**** ENTRIES SHOWN
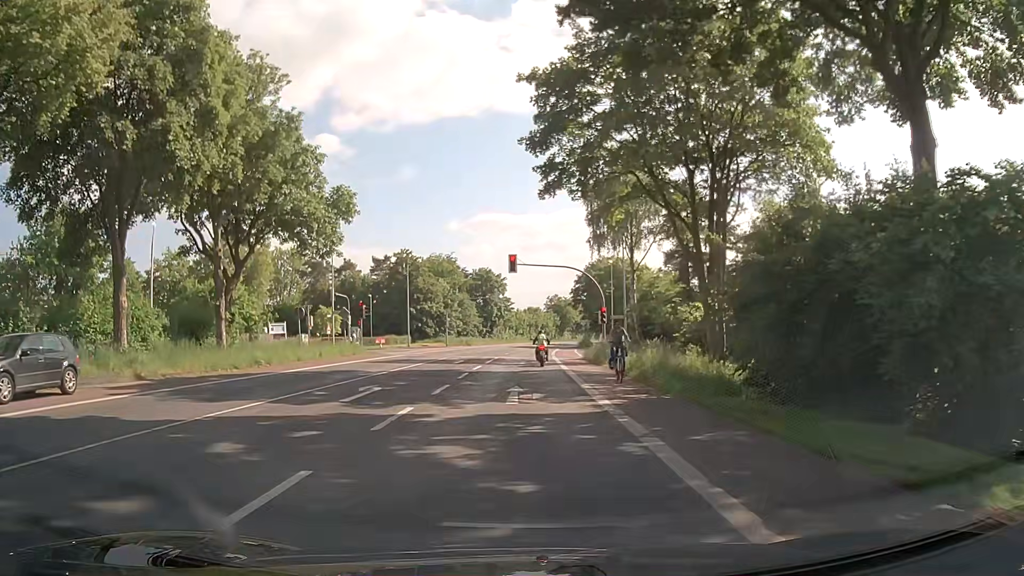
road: secondary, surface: asphalt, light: Day
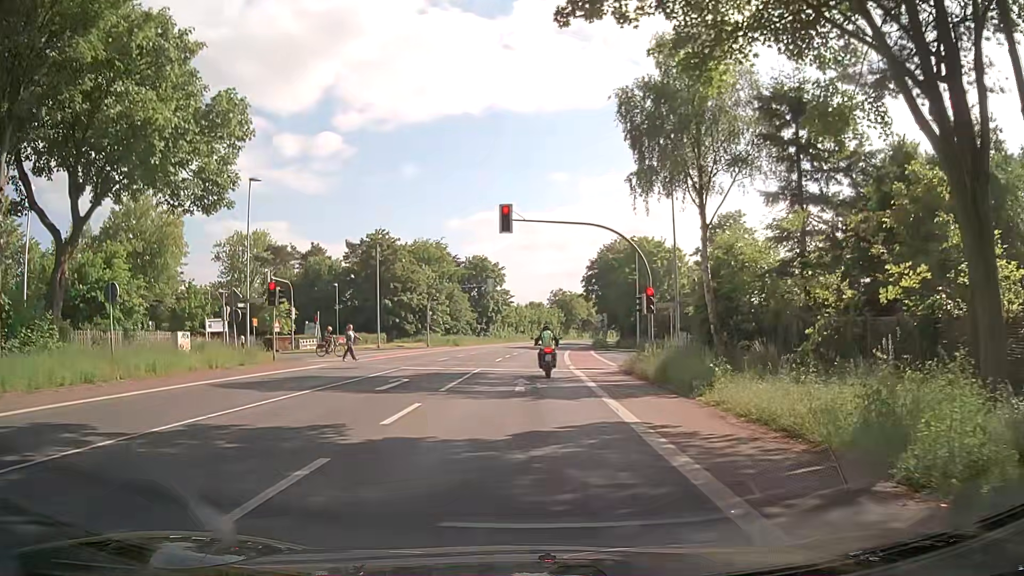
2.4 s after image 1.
(-0.2, +17.3) m; 0°
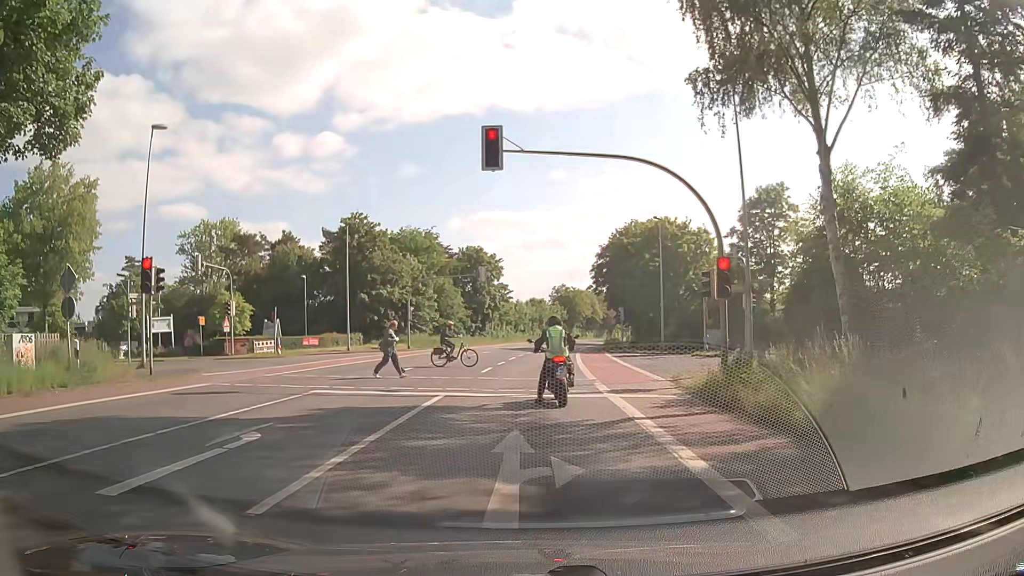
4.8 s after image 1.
(-0.1, +11.0) m; -1°
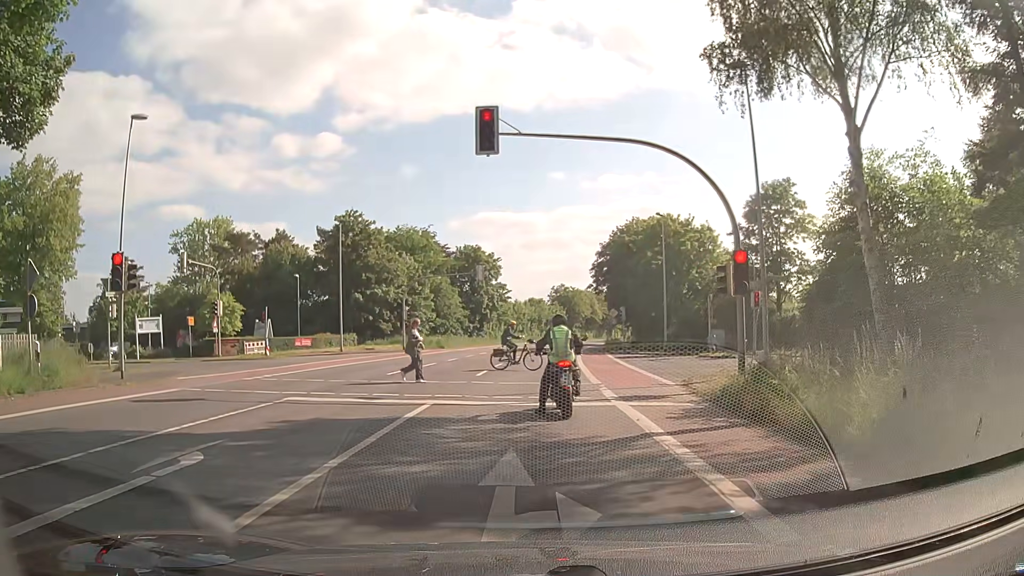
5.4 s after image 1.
(0.0, +1.6) m; +1°
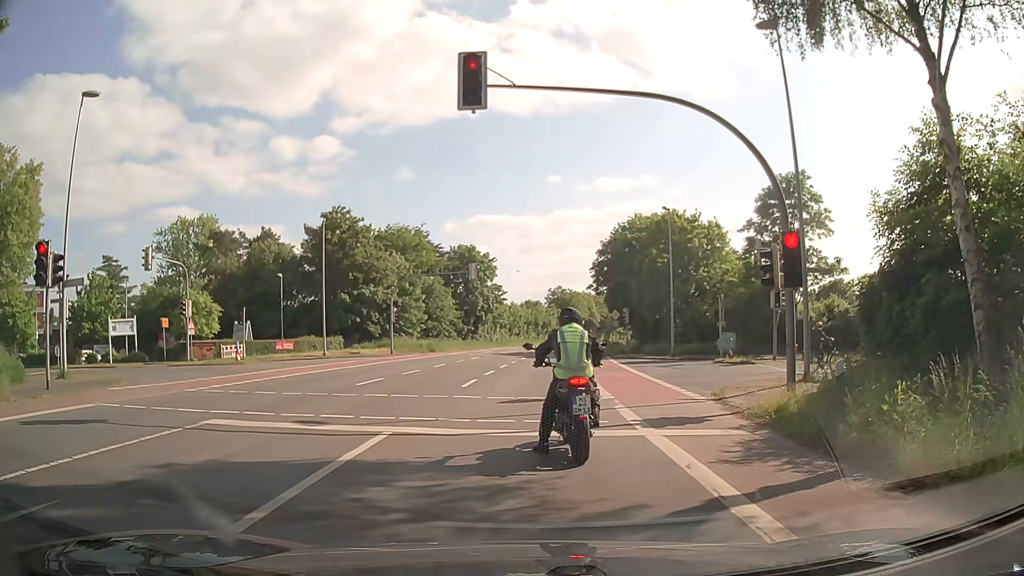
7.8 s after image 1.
(-0.1, +3.5) m; -2°
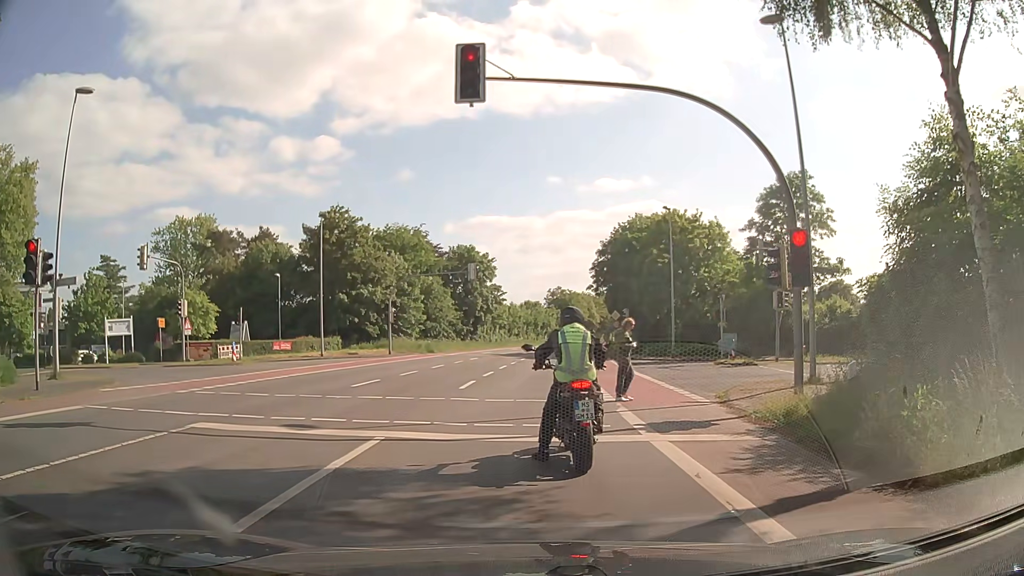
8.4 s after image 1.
(0.0, +0.4) m; 0°
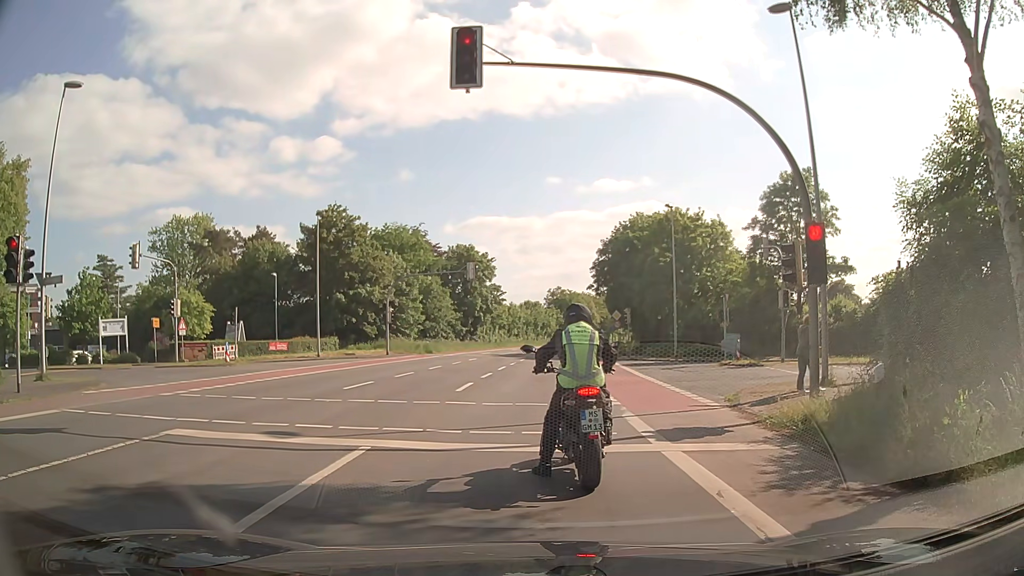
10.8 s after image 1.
(0.0, +0.8) m; 0°
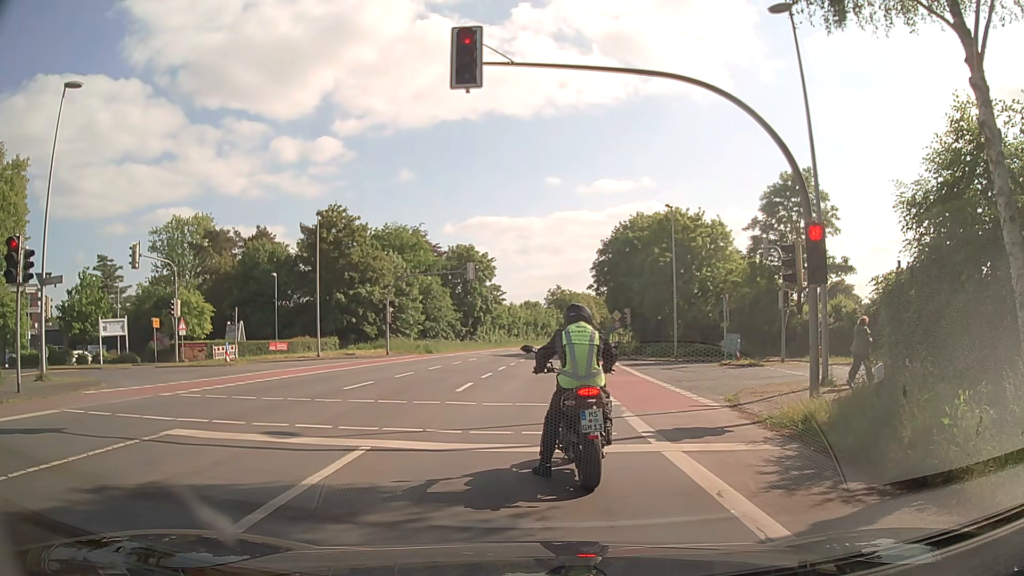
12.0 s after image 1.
(0.0, +0.1) m; 0°
(0, +10) (+1, +20) (+2, +30) (+3, +40) (+4, +50) (+5, +60) (+6, +70) (+8, +80) (+9, +89) (+11, +99) m
********
▶ [TASK GOAL] The copy starts at the line holding "5.4 s after image 1." and ends at the last line of the records above. Transcribe those lines exactly, pictures excluded.

▶ [EXPECTED ANSWER]
5.4 s after image 1.
(0.0, +1.6) m; +1°
7.8 s after image 1.
(-0.1, +3.5) m; -2°
8.4 s after image 1.
(0.0, +0.4) m; 0°
10.8 s after image 1.
(0.0, +0.8) m; 0°
12.0 s after image 1.
(0.0, +0.1) m; 0°
(0, +10) (+1, +20) (+2, +30) (+3, +40) (+4, +50) (+5, +60) (+6, +70) (+8, +80) (+9, +89) (+11, +99) m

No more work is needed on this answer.